Within the listing below, the lines to output run from the one containing "L 337.643 134.847" through the one containing "L 181.349 291.529"; copy them exactly and nothing else.

□ □ □ □ □

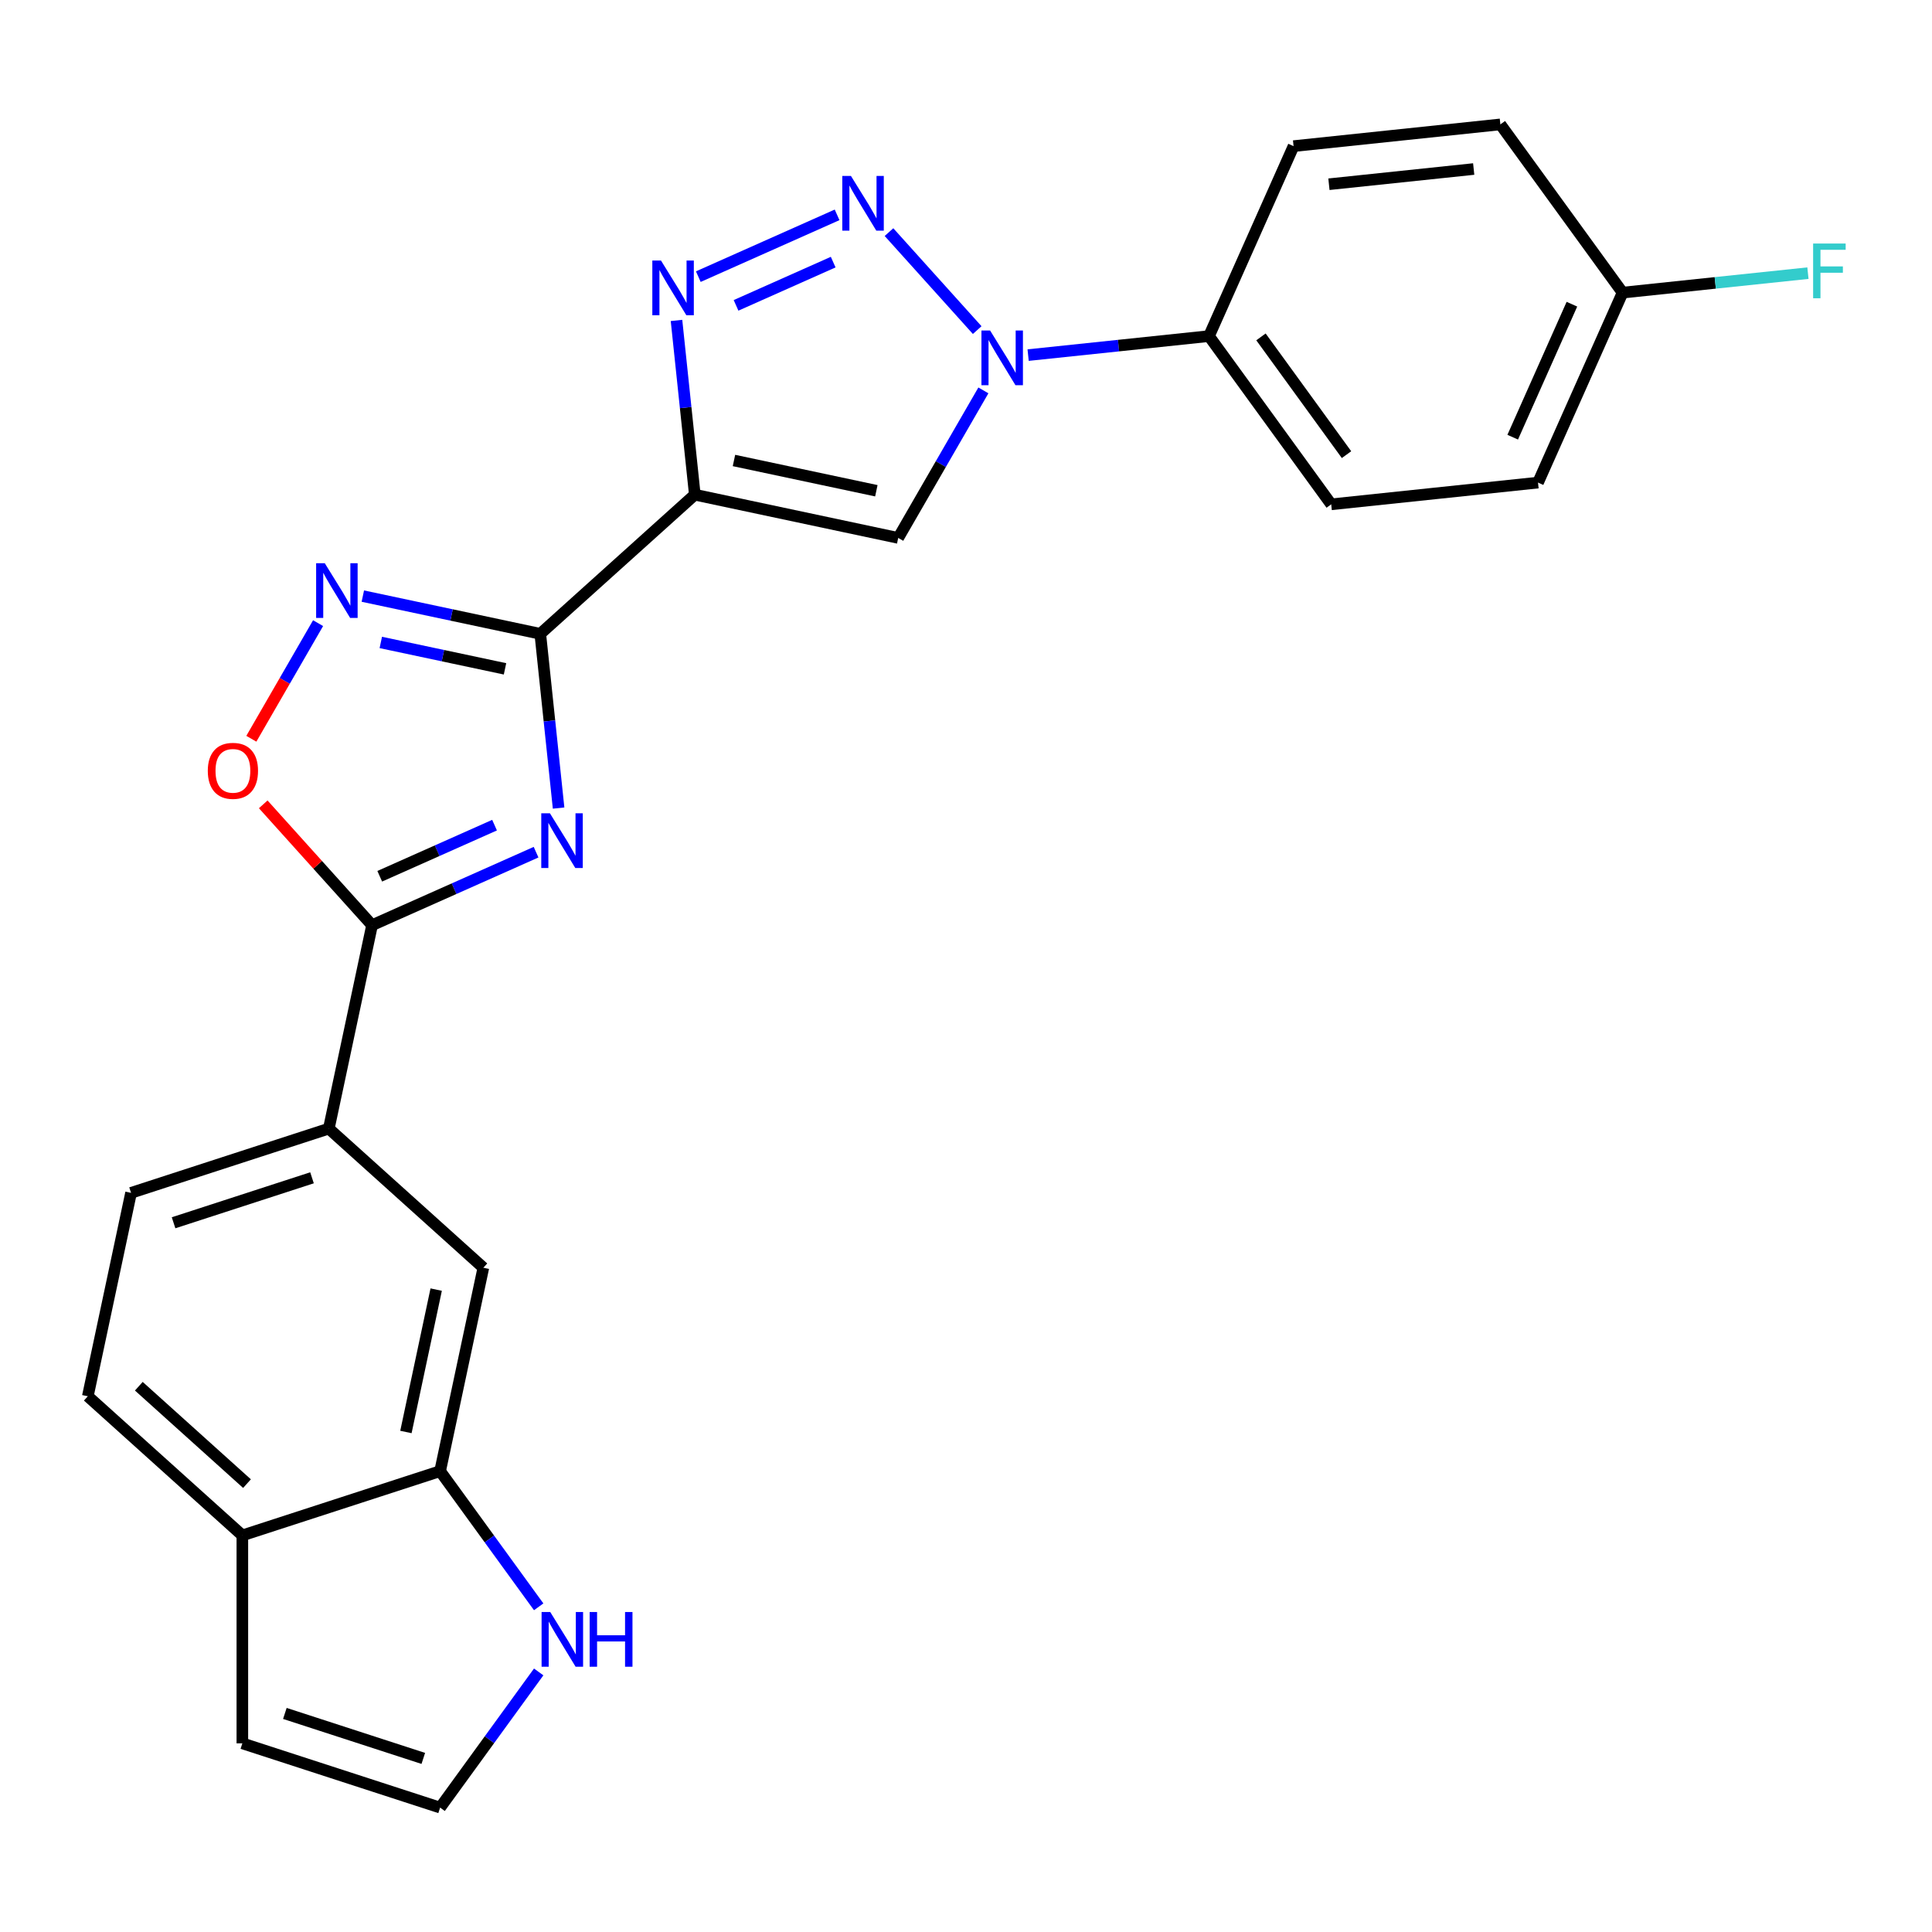 <?xml version='1.0' encoding='iso-8859-1'?>
<svg version='1.1' baseProfile='full'
              xmlns='http://www.w3.org/2000/svg'
                      xmlns:rdkit='http://www.rdkit.org/xml'
                      xmlns:xlink='http://www.w3.org/1999/xlink'
                  xml:space='preserve'
width='1000px' height='1000px' viewBox='0 0 1000 1000'>
<!-- END OF HEADER -->
<rect style='opacity:1.0;fill:#FFFFFF;stroke:none' width='1000' height='1000' x='0' y='0'> </rect>
<path class='bond-0' d='M 279.648,328.067 L 359.633,256.048' style='fill:none;fill-rule:evenodd;stroke:#000000;stroke-width:6px;stroke-linecap:butt;stroke-linejoin:miter;stroke-opacity:1' />
<path class='bond-1' d='M 279.648,328.067 L 284.388,373.162' style='fill:none;fill-rule:evenodd;stroke:#000000;stroke-width:6px;stroke-linecap:butt;stroke-linejoin:miter;stroke-opacity:1' />
<path class='bond-1' d='M 284.388,373.162 L 289.127,418.257' style='fill:none;fill-rule:evenodd;stroke:#0000FF;stroke-width:6px;stroke-linecap:butt;stroke-linejoin:miter;stroke-opacity:1' />
<path class='bond-7' d='M 279.648,328.067 L 233.724,318.305' style='fill:none;fill-rule:evenodd;stroke:#000000;stroke-width:6px;stroke-linecap:butt;stroke-linejoin:miter;stroke-opacity:1' />
<path class='bond-7' d='M 233.724,318.305 L 187.8,308.544' style='fill:none;fill-rule:evenodd;stroke:#0000FF;stroke-width:6px;stroke-linecap:butt;stroke-linejoin:miter;stroke-opacity:1' />
<path class='bond-7' d='M 261.395,346.194 L 229.248,339.361' style='fill:none;fill-rule:evenodd;stroke:#000000;stroke-width:6px;stroke-linecap:butt;stroke-linejoin:miter;stroke-opacity:1' />
<path class='bond-7' d='M 229.248,339.361 L 197.102,332.528' style='fill:none;fill-rule:evenodd;stroke:#0000FF;stroke-width:6px;stroke-linecap:butt;stroke-linejoin:miter;stroke-opacity:1' />
<path class='bond-3' d='M 359.633,256.048 L 354.893,210.953' style='fill:none;fill-rule:evenodd;stroke:#000000;stroke-width:6px;stroke-linecap:butt;stroke-linejoin:miter;stroke-opacity:1' />
<path class='bond-3' d='M 354.893,210.953 L 350.154,165.858' style='fill:none;fill-rule:evenodd;stroke:#0000FF;stroke-width:6px;stroke-linecap:butt;stroke-linejoin:miter;stroke-opacity:1' />
<path class='bond-5' d='M 359.633,256.048 L 464.912,278.426' style='fill:none;fill-rule:evenodd;stroke:#000000;stroke-width:6px;stroke-linecap:butt;stroke-linejoin:miter;stroke-opacity:1' />
<path class='bond-5' d='M 379.9,238.349 L 453.595,254.013' style='fill:none;fill-rule:evenodd;stroke:#000000;stroke-width:6px;stroke-linecap:butt;stroke-linejoin:miter;stroke-opacity:1' />
<path class='bond-6' d='M 277.468,441.088 L 235.02,459.987' style='fill:none;fill-rule:evenodd;stroke:#0000FF;stroke-width:6px;stroke-linecap:butt;stroke-linejoin:miter;stroke-opacity:1' />
<path class='bond-6' d='M 235.02,459.987 L 192.573,478.885' style='fill:none;fill-rule:evenodd;stroke:#000000;stroke-width:6px;stroke-linecap:butt;stroke-linejoin:miter;stroke-opacity:1' />
<path class='bond-6' d='M 255.978,427.092 L 226.265,440.321' style='fill:none;fill-rule:evenodd;stroke:#0000FF;stroke-width:6px;stroke-linecap:butt;stroke-linejoin:miter;stroke-opacity:1' />
<path class='bond-6' d='M 226.265,440.321 L 196.552,453.551' style='fill:none;fill-rule:evenodd;stroke:#000000;stroke-width:6px;stroke-linecap:butt;stroke-linejoin:miter;stroke-opacity:1' />
<path class='bond-2' d='M 433.277,111.209 L 361.446,143.191' style='fill:none;fill-rule:evenodd;stroke:#0000FF;stroke-width:6px;stroke-linecap:butt;stroke-linejoin:miter;stroke-opacity:1' />
<path class='bond-2' d='M 431.258,135.672 L 380.976,158.059' style='fill:none;fill-rule:evenodd;stroke:#0000FF;stroke-width:6px;stroke-linecap:butt;stroke-linejoin:miter;stroke-opacity:1' />
<path class='bond-26' d='M 460.139,120.146 L 505.798,170.856' style='fill:none;fill-rule:evenodd;stroke:#0000FF;stroke-width:6px;stroke-linecap:butt;stroke-linejoin:miter;stroke-opacity:1' />
<path class='bond-4' d='M 508.998,202.065 L 486.955,240.245' style='fill:none;fill-rule:evenodd;stroke:#0000FF;stroke-width:6px;stroke-linecap:butt;stroke-linejoin:miter;stroke-opacity:1' />
<path class='bond-4' d='M 486.955,240.245 L 464.912,278.426' style='fill:none;fill-rule:evenodd;stroke:#000000;stroke-width:6px;stroke-linecap:butt;stroke-linejoin:miter;stroke-opacity:1' />
<path class='bond-13' d='M 532.158,183.803 L 578.963,178.884' style='fill:none;fill-rule:evenodd;stroke:#0000FF;stroke-width:6px;stroke-linecap:butt;stroke-linejoin:miter;stroke-opacity:1' />
<path class='bond-13' d='M 578.963,178.884 L 625.768,173.964' style='fill:none;fill-rule:evenodd;stroke:#000000;stroke-width:6px;stroke-linecap:butt;stroke-linejoin:miter;stroke-opacity:1' />
<path class='bond-9' d='M 192.573,478.885 L 170.195,584.164' style='fill:none;fill-rule:evenodd;stroke:#000000;stroke-width:6px;stroke-linecap:butt;stroke-linejoin:miter;stroke-opacity:1' />
<path class='bond-25' d='M 192.573,478.885 L 164.409,447.606' style='fill:none;fill-rule:evenodd;stroke:#000000;stroke-width:6px;stroke-linecap:butt;stroke-linejoin:miter;stroke-opacity:1' />
<path class='bond-25' d='M 164.409,447.606 L 136.245,416.326' style='fill:none;fill-rule:evenodd;stroke:#FF0000;stroke-width:6px;stroke-linecap:butt;stroke-linejoin:miter;stroke-opacity:1' />
<path class='bond-8' d='M 164.64,322.54 L 147.367,352.458' style='fill:none;fill-rule:evenodd;stroke:#0000FF;stroke-width:6px;stroke-linecap:butt;stroke-linejoin:miter;stroke-opacity:1' />
<path class='bond-8' d='M 147.367,352.458 L 130.094,382.376' style='fill:none;fill-rule:evenodd;stroke:#FF0000;stroke-width:6px;stroke-linecap:butt;stroke-linejoin:miter;stroke-opacity:1' />
<path class='bond-12' d='M 170.195,584.164 L 250.18,656.183' style='fill:none;fill-rule:evenodd;stroke:#000000;stroke-width:6px;stroke-linecap:butt;stroke-linejoin:miter;stroke-opacity:1' />
<path class='bond-17' d='M 170.195,584.164 L 67.832,617.424' style='fill:none;fill-rule:evenodd;stroke:#000000;stroke-width:6px;stroke-linecap:butt;stroke-linejoin:miter;stroke-opacity:1' />
<path class='bond-17' d='M 161.493,609.626 L 89.839,632.907' style='fill:none;fill-rule:evenodd;stroke:#000000;stroke-width:6px;stroke-linecap:butt;stroke-linejoin:miter;stroke-opacity:1' />
<path class='bond-10' d='M 227.803,761.462 L 250.18,656.183' style='fill:none;fill-rule:evenodd;stroke:#000000;stroke-width:6px;stroke-linecap:butt;stroke-linejoin:miter;stroke-opacity:1' />
<path class='bond-10' d='M 210.104,741.194 L 225.768,667.499' style='fill:none;fill-rule:evenodd;stroke:#000000;stroke-width:6px;stroke-linecap:butt;stroke-linejoin:miter;stroke-opacity:1' />
<path class='bond-11' d='M 227.803,761.462 L 253.313,796.574' style='fill:none;fill-rule:evenodd;stroke:#000000;stroke-width:6px;stroke-linecap:butt;stroke-linejoin:miter;stroke-opacity:1' />
<path class='bond-11' d='M 253.313,796.574 L 278.824,831.686' style='fill:none;fill-rule:evenodd;stroke:#0000FF;stroke-width:6px;stroke-linecap:butt;stroke-linejoin:miter;stroke-opacity:1' />
<path class='bond-27' d='M 227.803,761.462 L 125.44,794.721' style='fill:none;fill-rule:evenodd;stroke:#000000;stroke-width:6px;stroke-linecap:butt;stroke-linejoin:miter;stroke-opacity:1' />
<path class='bond-14' d='M 278.824,865.388 L 253.313,900.5' style='fill:none;fill-rule:evenodd;stroke:#0000FF;stroke-width:6px;stroke-linecap:butt;stroke-linejoin:miter;stroke-opacity:1' />
<path class='bond-14' d='M 253.313,900.5 L 227.803,935.612' style='fill:none;fill-rule:evenodd;stroke:#000000;stroke-width:6px;stroke-linecap:butt;stroke-linejoin:miter;stroke-opacity:1' />
<path class='bond-19' d='M 625.768,173.964 L 689.032,261.039' style='fill:none;fill-rule:evenodd;stroke:#000000;stroke-width:6px;stroke-linecap:butt;stroke-linejoin:miter;stroke-opacity:1' />
<path class='bond-19' d='M 652.673,174.373 L 696.957,235.325' style='fill:none;fill-rule:evenodd;stroke:#000000;stroke-width:6px;stroke-linecap:butt;stroke-linejoin:miter;stroke-opacity:1' />
<path class='bond-20' d='M 625.768,173.964 L 669.546,75.639' style='fill:none;fill-rule:evenodd;stroke:#000000;stroke-width:6px;stroke-linecap:butt;stroke-linejoin:miter;stroke-opacity:1' />
<path class='bond-29' d='M 227.803,935.612 L 125.44,902.352' style='fill:none;fill-rule:evenodd;stroke:#000000;stroke-width:6px;stroke-linecap:butt;stroke-linejoin:miter;stroke-opacity:1' />
<path class='bond-29' d='M 219.1,910.15 L 147.446,886.869' style='fill:none;fill-rule:evenodd;stroke:#000000;stroke-width:6px;stroke-linecap:butt;stroke-linejoin:miter;stroke-opacity:1' />
<path class='bond-15' d='M 125.44,794.721 L 45.455,722.702' style='fill:none;fill-rule:evenodd;stroke:#000000;stroke-width:6px;stroke-linecap:butt;stroke-linejoin:miter;stroke-opacity:1' />
<path class='bond-15' d='M 127.846,767.922 L 71.856,717.508' style='fill:none;fill-rule:evenodd;stroke:#000000;stroke-width:6px;stroke-linecap:butt;stroke-linejoin:miter;stroke-opacity:1' />
<path class='bond-16' d='M 125.44,794.721 L 125.44,902.352' style='fill:none;fill-rule:evenodd;stroke:#000000;stroke-width:6px;stroke-linecap:butt;stroke-linejoin:miter;stroke-opacity:1' />
<path class='bond-18' d='M 67.832,617.424 L 45.455,722.702' style='fill:none;fill-rule:evenodd;stroke:#000000;stroke-width:6px;stroke-linecap:butt;stroke-linejoin:miter;stroke-opacity:1' />
<path class='bond-23' d='M 689.032,261.039 L 796.073,249.789' style='fill:none;fill-rule:evenodd;stroke:#000000;stroke-width:6px;stroke-linecap:butt;stroke-linejoin:miter;stroke-opacity:1' />
<path class='bond-22' d='M 669.546,75.639 L 776.587,64.388' style='fill:none;fill-rule:evenodd;stroke:#000000;stroke-width:6px;stroke-linecap:butt;stroke-linejoin:miter;stroke-opacity:1' />
<path class='bond-22' d='M 687.852,95.359 L 762.781,87.484' style='fill:none;fill-rule:evenodd;stroke:#000000;stroke-width:6px;stroke-linecap:butt;stroke-linejoin:miter;stroke-opacity:1' />
<path class='bond-21' d='M 839.85,151.463 L 776.587,64.388' style='fill:none;fill-rule:evenodd;stroke:#000000;stroke-width:6px;stroke-linecap:butt;stroke-linejoin:miter;stroke-opacity:1' />
<path class='bond-24' d='M 839.85,151.463 L 887.816,146.422' style='fill:none;fill-rule:evenodd;stroke:#000000;stroke-width:6px;stroke-linecap:butt;stroke-linejoin:miter;stroke-opacity:1' />
<path class='bond-24' d='M 887.816,146.422 L 935.781,141.381' style='fill:none;fill-rule:evenodd;stroke:#33CCCC;stroke-width:6px;stroke-linecap:butt;stroke-linejoin:miter;stroke-opacity:1' />
<path class='bond-28' d='M 839.85,151.463 L 796.073,249.789' style='fill:none;fill-rule:evenodd;stroke:#000000;stroke-width:6px;stroke-linecap:butt;stroke-linejoin:miter;stroke-opacity:1' />
<path class='bond-28' d='M 813.619,157.457 L 782.975,226.284' style='fill:none;fill-rule:evenodd;stroke:#000000;stroke-width:6px;stroke-linecap:butt;stroke-linejoin:miter;stroke-opacity:1' />
<path  class='atom-2' d='M 284.638 420.948
L 293.918 435.948
Q 294.838 437.428, 296.318 440.108
Q 297.798 442.788, 297.878 442.948
L 297.878 420.948
L 301.638 420.948
L 301.638 449.268
L 297.758 449.268
L 287.798 432.868
Q 286.638 430.948, 285.398 428.748
Q 284.198 426.548, 283.838 425.868
L 283.838 449.268
L 280.158 449.268
L 280.158 420.948
L 284.638 420.948
' fill='#0000FF'/>
<path  class='atom-3' d='M 440.448 91.069
L 449.728 106.069
Q 450.648 107.549, 452.128 110.229
Q 453.608 112.909, 453.688 113.069
L 453.688 91.069
L 457.448 91.069
L 457.448 119.389
L 453.568 119.389
L 443.608 102.989
Q 442.448 101.069, 441.208 98.869
Q 440.008 96.669, 439.648 95.989
L 439.648 119.389
L 435.968 119.389
L 435.968 91.069
L 440.448 91.069
' fill='#0000FF'/>
<path  class='atom-4' d='M 342.123 134.847
L 351.403 149.847
Q 352.323 151.327, 353.803 154.007
Q 355.283 156.687, 355.363 156.847
L 355.363 134.847
L 359.123 134.847
L 359.123 163.167
L 355.243 163.167
L 345.283 146.767
Q 344.123 144.847, 342.883 142.647
Q 341.683 140.447, 341.323 139.767
L 341.323 163.167
L 337.643 163.167
L 337.643 134.847
L 342.123 134.847
' fill='#0000FF'/>
<path  class='atom-5' d='M 512.467 171.055
L 521.747 186.055
Q 522.667 187.535, 524.147 190.215
Q 525.627 192.895, 525.707 193.055
L 525.707 171.055
L 529.467 171.055
L 529.467 199.375
L 525.587 199.375
L 515.627 182.975
Q 514.467 181.055, 513.227 178.855
Q 512.027 176.655, 511.667 175.975
L 511.667 199.375
L 507.987 199.375
L 507.987 171.055
L 512.467 171.055
' fill='#0000FF'/>
<path  class='atom-8' d='M 168.109 291.529
L 177.389 306.529
Q 178.309 308.009, 179.789 310.689
Q 181.269 313.369, 181.349 313.529
L 181.349 291.529
L 185.109 291.529
L 185.109 319.849
L 181.229 319.849
L 171.269 303.449
Q 170.109 301.529, 168.869 299.329
Q 167.669 297.129, 167.309 296.449
L 167.309 319.849
L 163.629 319.849
L 163.629 291.529
L 168.109 291.529
' fill='#0000FF'/>
<path  class='atom-9' d='M 107.554 398.98
Q 107.554 392.18, 110.914 388.38
Q 114.274 384.58, 120.554 384.58
Q 126.834 384.58, 130.194 388.38
Q 133.554 392.18, 133.554 398.98
Q 133.554 405.86, 130.154 409.78
Q 126.754 413.66, 120.554 413.66
Q 114.314 413.66, 110.914 409.78
Q 107.554 405.9, 107.554 398.98
M 120.554 410.46
Q 124.874 410.46, 127.194 407.58
Q 129.554 404.66, 129.554 398.98
Q 129.554 393.42, 127.194 390.62
Q 124.874 387.78, 120.554 387.78
Q 116.234 387.78, 113.874 390.58
Q 111.554 393.38, 111.554 398.98
Q 111.554 404.7, 113.874 407.58
Q 116.234 410.46, 120.554 410.46
' fill='#FF0000'/>
<path  class='atom-12' d='M 284.806 834.377
L 294.086 849.377
Q 295.006 850.857, 296.486 853.537
Q 297.966 856.217, 298.046 856.377
L 298.046 834.377
L 301.806 834.377
L 301.806 862.697
L 297.926 862.697
L 287.966 846.297
Q 286.806 844.377, 285.566 842.177
Q 284.366 839.977, 284.006 839.297
L 284.006 862.697
L 280.326 862.697
L 280.326 834.377
L 284.806 834.377
' fill='#0000FF'/>
<path  class='atom-12' d='M 305.206 834.377
L 309.046 834.377
L 309.046 846.417
L 323.526 846.417
L 323.526 834.377
L 327.366 834.377
L 327.366 862.697
L 323.526 862.697
L 323.526 849.617
L 309.046 849.617
L 309.046 862.697
L 305.206 862.697
L 305.206 834.377
' fill='#0000FF'/>
<path  class='atom-25' d='M 938.471 126.053
L 955.311 126.053
L 955.311 129.293
L 942.271 129.293
L 942.271 137.893
L 953.871 137.893
L 953.871 141.173
L 942.271 141.173
L 942.271 154.373
L 938.471 154.373
L 938.471 126.053
' fill='#33CCCC'/>
</svg>

□ □ □ □ □

Expected output:
L 337.643 134.847
L 342.123 134.847
' fill='#0000FF'/>
<path  class='atom-5' d='M 512.467 171.055
L 521.747 186.055
Q 522.667 187.535, 524.147 190.215
Q 525.627 192.895, 525.707 193.055
L 525.707 171.055
L 529.467 171.055
L 529.467 199.375
L 525.587 199.375
L 515.627 182.975
Q 514.467 181.055, 513.227 178.855
Q 512.027 176.655, 511.667 175.975
L 511.667 199.375
L 507.987 199.375
L 507.987 171.055
L 512.467 171.055
' fill='#0000FF'/>
<path  class='atom-8' d='M 168.109 291.529
L 177.389 306.529
Q 178.309 308.009, 179.789 310.689
Q 181.269 313.369, 181.349 313.529
L 181.349 291.529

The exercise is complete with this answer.